Abstract The pain experienced during Pap tests is a crucial gap in reducing cervical cancer burden. This study sought to investigate whether adding a nonpainful step at the end of Pap tests helps women recall less pain. We conducted a randomized controlled trial on women aged 30 to 70 years at a cervical cancer screening center. A nonpainful step was added at the end of Pap test in the modified Pap group. The outcomes included recalled pain after Pap smear screening, real-time pain, and 1-year willingness to receive further Pap tests. Among 266 subjects in the intention-to-treat analysis, the modified Pap group (n = 133) experienced lower 5-minute recalled pain than the traditional Pap group on a 1 to 5 numeric scale (mean [SD], 1.50 [0.77] vs 2.02 [1.12]; P < 0.001) and a 0 to 10 visual analog scale (2.12 [1.79] vs 3.12 [2.23]; P < 0.001).

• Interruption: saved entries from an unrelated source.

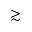
\gtrsim
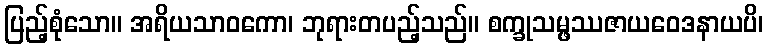
ပြည့်စုံသော။ အရိယသာဝကော၊ ဘုရားတပည့်သည်။ စက္ခုသမ္ဖဿဇာယဝေဒနာယပိ၊
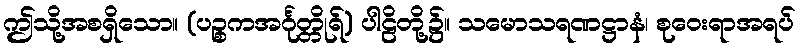
ဤသို့အစရှိသော။ (ပဉ္စကအင်္ဂုတ္တိုရ်) ပါဠိတို့၌။ သမောသရဏဋ္ဌာနံ၊ စုဝေးရာအရပ်
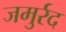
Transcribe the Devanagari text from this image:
जमुर्रद
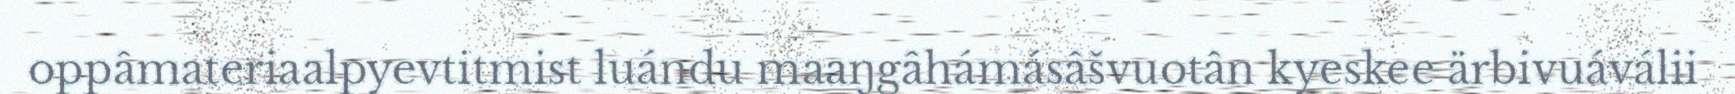
oppâmateriaalpyevtitmist luándu maaŋgâhámásâšvuotân kyeskee ärbivuáválii
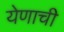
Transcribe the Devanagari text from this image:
येणाची
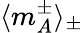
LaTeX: \langle m_{A}^{\pm}\rangle_{\pm}
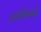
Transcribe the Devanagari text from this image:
हाकिनो
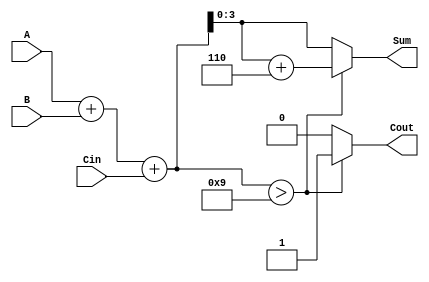
module BCD_Ripple_Carry_Adder (
    input  wire [3:0] A,    // 4-bit BCD input A
    input  wire [3:0] B,    // 4-bit BCD input B
    input  wire Cin,         // Carry input
    output reg  [3:0] Sum,   // 4-bit BCD output Sum
    output reg  Cout         // Carry output
);

    wire [4:0] binary_sum;   // 5-bit to hold the sum and carry
    wire correction_needed;    // Flag to check if correction is needed

    // Step 1: Perform binary addition
    assign binary_sum = A + B + Cin;

    // Step 2: Check if correction is needed (if sum > 9)
    assign correction_needed = binary_sum > 9;

    // Step 3: Perform BCD correction if needed
    always @(*) begin
        if (correction_needed) begin
            Sum = binary_sum + 4'b0110; // Add 6 for BCD correction
            Cout = 1;                    // Set carry output
        end else begin
            Sum = binary_sum[3:0];       // Take the lower 4 bits
            Cout = 0;                    // No carry output
        end
    end

endmodule

In exploratory subgroup analyses, the association between the modified Pap test and reduced 5-minute recalled pain was not affected by predicted pain, demographic, or socioeconomic characteristics, but it was more apparent in postmenopausal women. Consistently, the modified Pap test attenuated 1-year recalled pain on both pain scales. Furthermore, the modified Pap test increased 1-year willingness grade to receive further Pap tests (adjusted β [SE], 2.11 [0.27]; P < 0.001). In conclusion, adding a nonpainful step at the end of Pap smear screening reduces on-site and long-term recalled pain and strengthens willingness to undergo subsequent Pap tests regularly. The modified Pap test contributes to cervical cancer screening participation.